Here is a quick example of how to handle ambiguous classes:
from marshmallow_dataclass import dataclass
from dataclasses import field
from typing import List, Union
from marshmallow.validate import Equal
@dataclass
class Vector:
type: str = field(metadata={"validate": Equal("Vector")})
x: float
y: float
@dataclass
class Point:
type: str = field(metadata={"validate": Equal("Point")})
x: float
y: float
@dataclass
class Geometries:
elements: List[Union[Point, Vector]]
pts = Geometries.Schema().load({"elements": [
{"type":"Point", "x": 1, "y": 1},
{"type":"Vector", "x": 1, "y": 1},
]})
print(pts)
But I found out that in practice, this is only rarely needed.
@lovasoa thanks for the insightful example. Is there an approach that does not require each dataclass to "know" that it will be used in an ambiguous/polymorphic setting?
You could for instance wrap such a class into another one that would add the disambiguation field. You can flatten the parent class and the child with marshmallow if necessary.
Just in case, while Schema#load
works with your example, Schema#dump
fails to serialize elements
field properly. Such a shame :(
This also works for marshmallow-dataclass 0.6.6 (I only tried the load method)

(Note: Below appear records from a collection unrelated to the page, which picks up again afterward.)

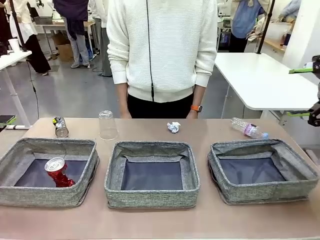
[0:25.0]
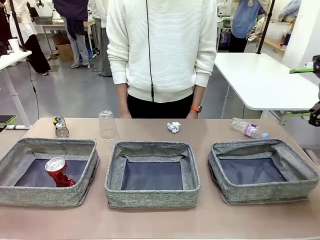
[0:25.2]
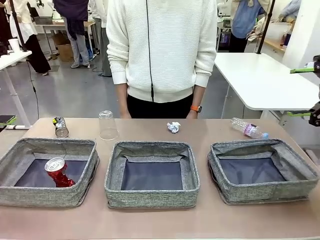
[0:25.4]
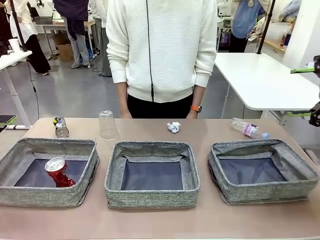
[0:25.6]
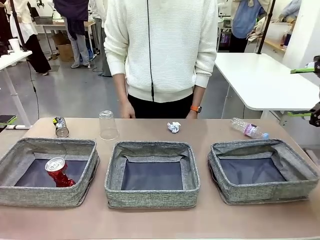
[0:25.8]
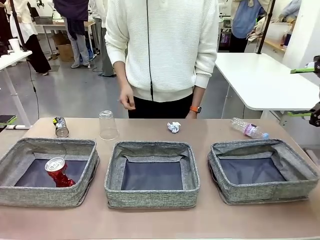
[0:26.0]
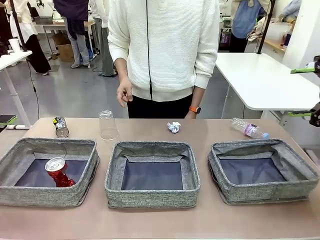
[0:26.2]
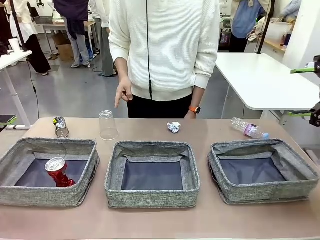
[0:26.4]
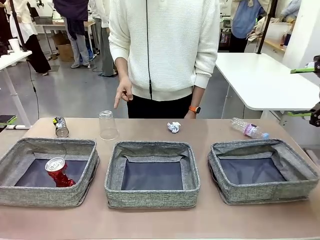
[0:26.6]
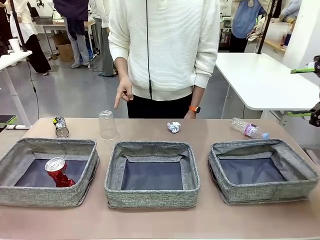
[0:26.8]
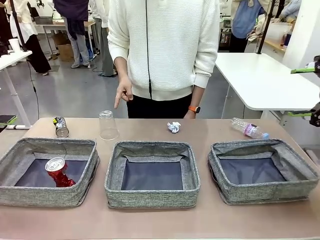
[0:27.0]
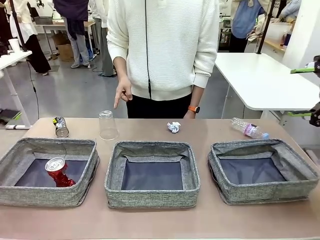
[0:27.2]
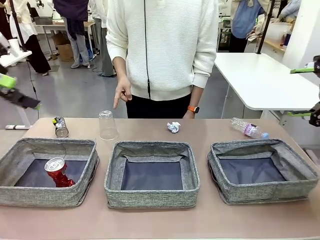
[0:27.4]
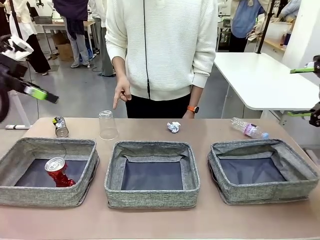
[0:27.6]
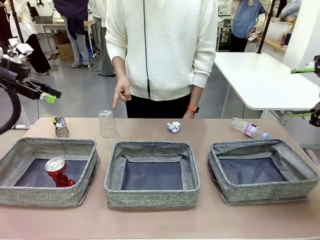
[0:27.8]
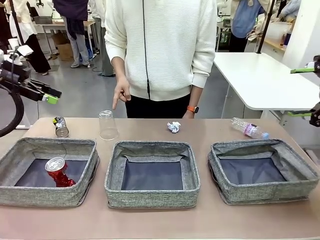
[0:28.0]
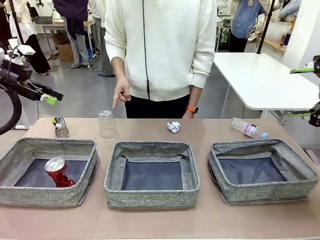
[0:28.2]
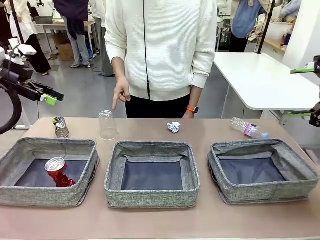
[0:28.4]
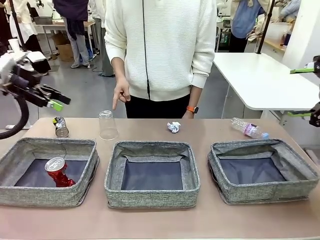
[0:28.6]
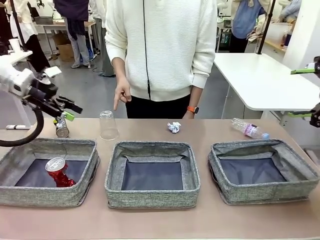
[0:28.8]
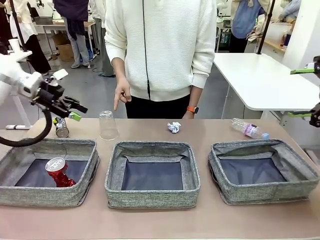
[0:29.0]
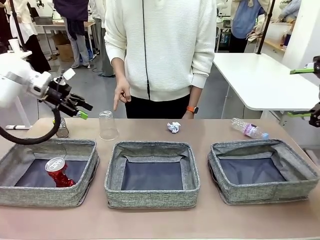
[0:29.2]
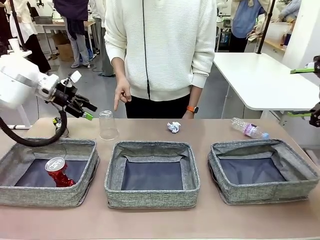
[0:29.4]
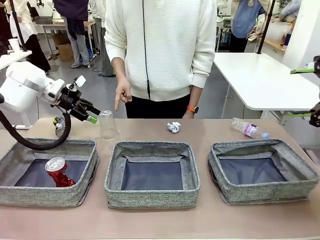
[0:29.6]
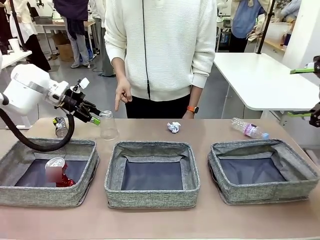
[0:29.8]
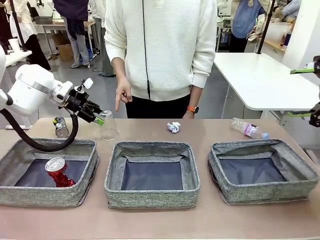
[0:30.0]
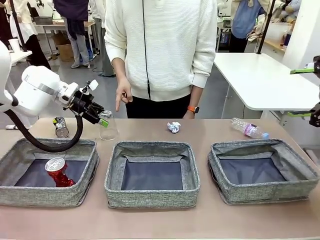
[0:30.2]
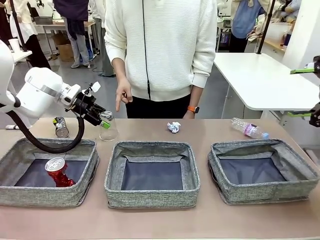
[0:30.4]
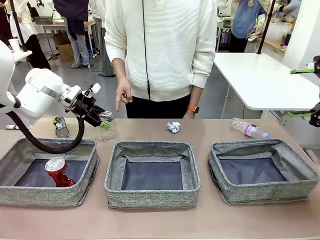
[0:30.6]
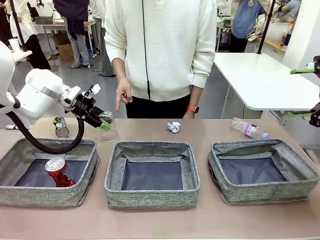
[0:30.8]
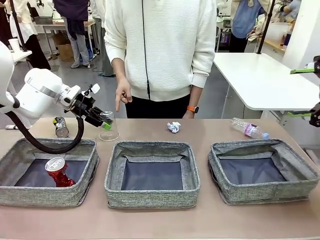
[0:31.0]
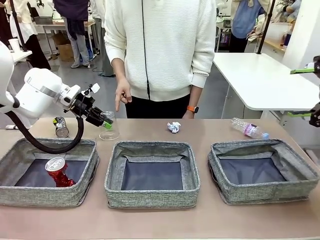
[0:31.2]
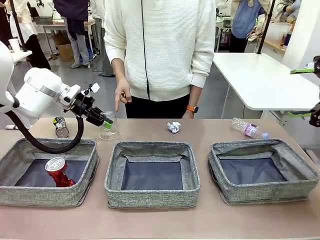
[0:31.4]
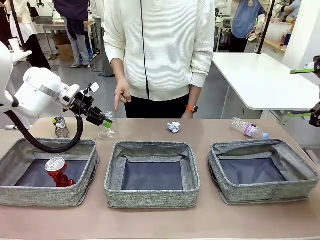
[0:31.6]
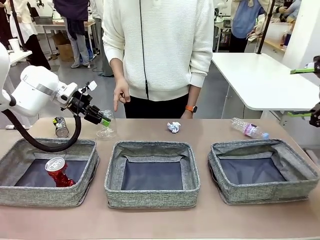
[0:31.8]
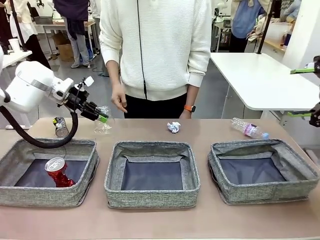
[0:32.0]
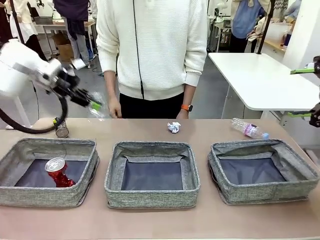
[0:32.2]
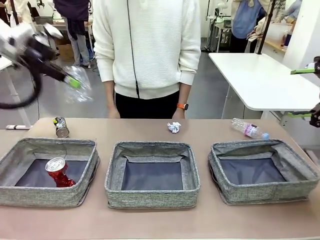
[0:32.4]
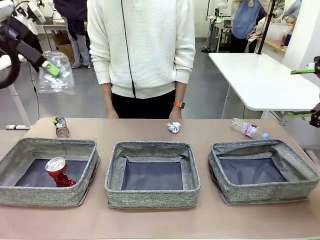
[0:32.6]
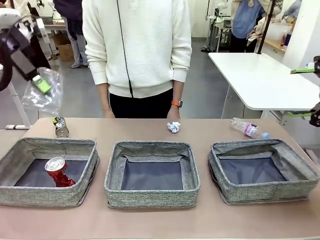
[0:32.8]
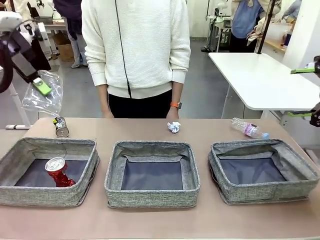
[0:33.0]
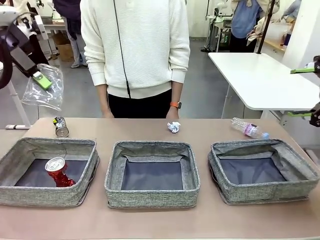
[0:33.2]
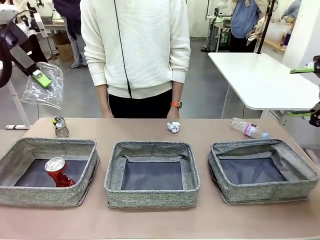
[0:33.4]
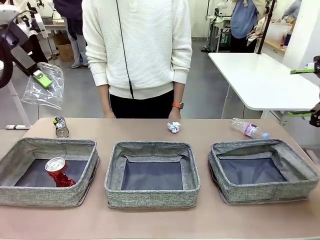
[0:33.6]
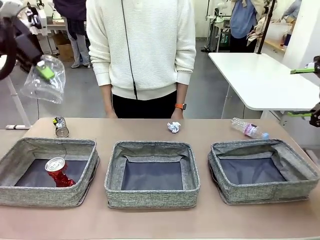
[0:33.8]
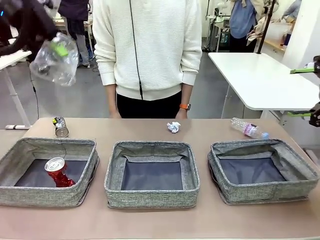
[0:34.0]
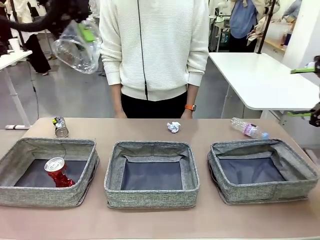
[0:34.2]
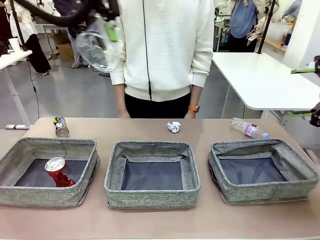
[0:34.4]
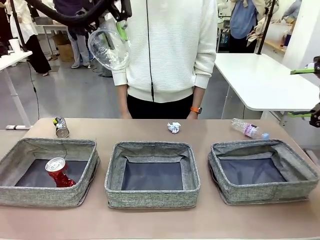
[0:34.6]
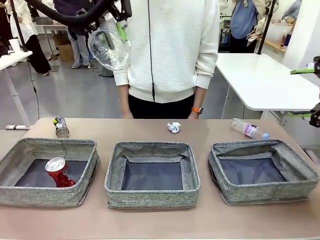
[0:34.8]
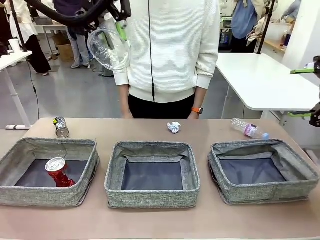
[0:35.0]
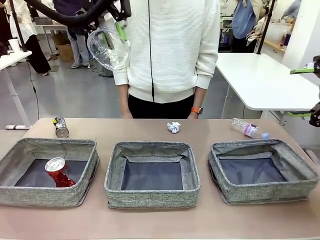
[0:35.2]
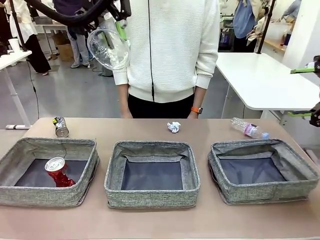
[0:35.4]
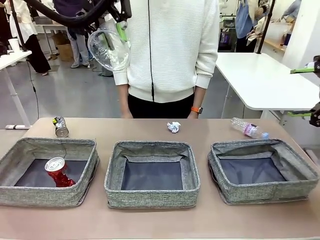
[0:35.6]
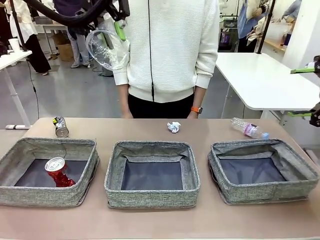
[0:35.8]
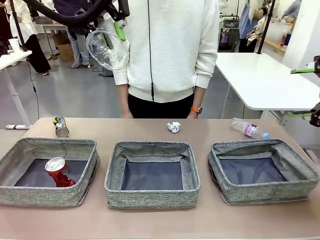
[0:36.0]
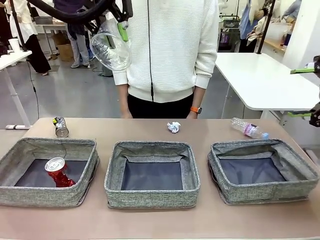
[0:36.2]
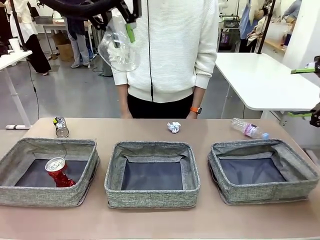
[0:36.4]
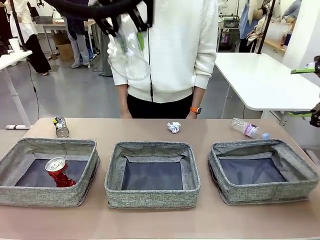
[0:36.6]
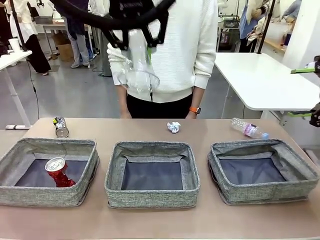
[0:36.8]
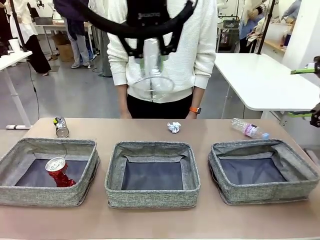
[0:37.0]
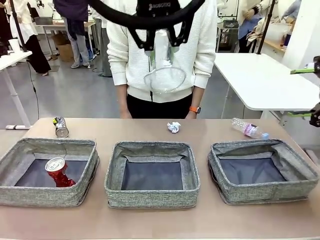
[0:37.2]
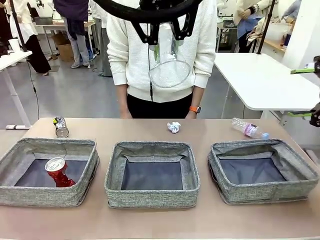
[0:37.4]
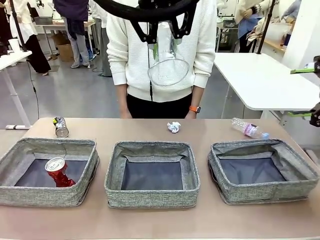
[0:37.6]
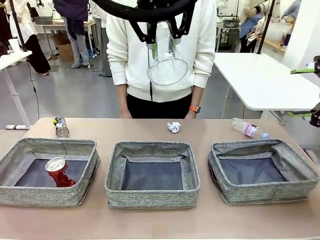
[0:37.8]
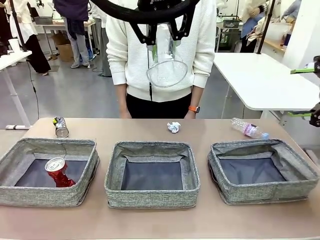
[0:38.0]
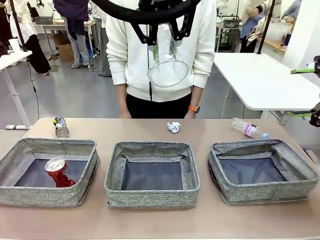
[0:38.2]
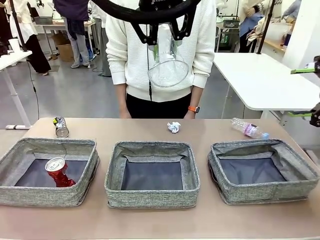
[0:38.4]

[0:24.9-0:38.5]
Task: Sort the waste into the appropriate baskets.
Robot: Pick up the waste item pointed out by the person.
Person: Points to one piece of trash on the table.

import marshmallow.fields as f
from dataclasses import field, dataclass
from typing import List, Union
import marshmallow_dataclass
from marshmallow_oneofschema import OneOfSchema
@dataclass
class Vector:
x: float
y: float
@dataclass
class Point:
x: float
y: float
z: float
class BaseSchema(OneOfSchema):
type_schemas = {"Vector": marshmallow_dataclass.class_schema(Vector),
"Point": marshmallow_dataclass.class_schema(Point)}
@dataclass
class Geometries:
elements: List[Union[Point, Vector]] = field(metadata={'marshmallow_field': f.List(f.Nested(BaseSchema))})
pts = marshmallow_dataclass.class_schema(Geometries)().load({"elements": [
{"type": "Point", "x": 1, "y": 1, "z": 22},
{"type": "Vector", "x": 1, "y": 1},
]})
print(pts)
@activeperception This works for me as well. Thanks for the example!
Yeah, this approach with explicitly defined field works fine, but it completely ignores base_schema
passed to class_schema()
and there is no workaround here.
We use same dataclass in two different contexts:
- snake_case api
- camelCase api
Camelization is done with appropriate base schema, like: class_schema(MyDataclass, base_schema=CamelCaseSchema)
. Neat, hah? But if we ever use OneOfSchema with explicit marshmallow_field, we are in trouble. Fine, fine, I guess we should fall back to mm-dataclass' union field and pray there will be no ambiguous data in practice.
P.S. anyways marshmallow-dataclass reduces boilerplate a lot, to say the least. Thank you for this great tool
type: str = field(metadata={"validate": Equal("Point")})
this is rather verbose, is typing.Literal
supported?
type: Literal["Point"]
this is rather verbose, is
typing.Literal
supported?
Yes, based on a look at the source code, there is support for Literal
types. (It appears that this was added in #110.) Have you tried it?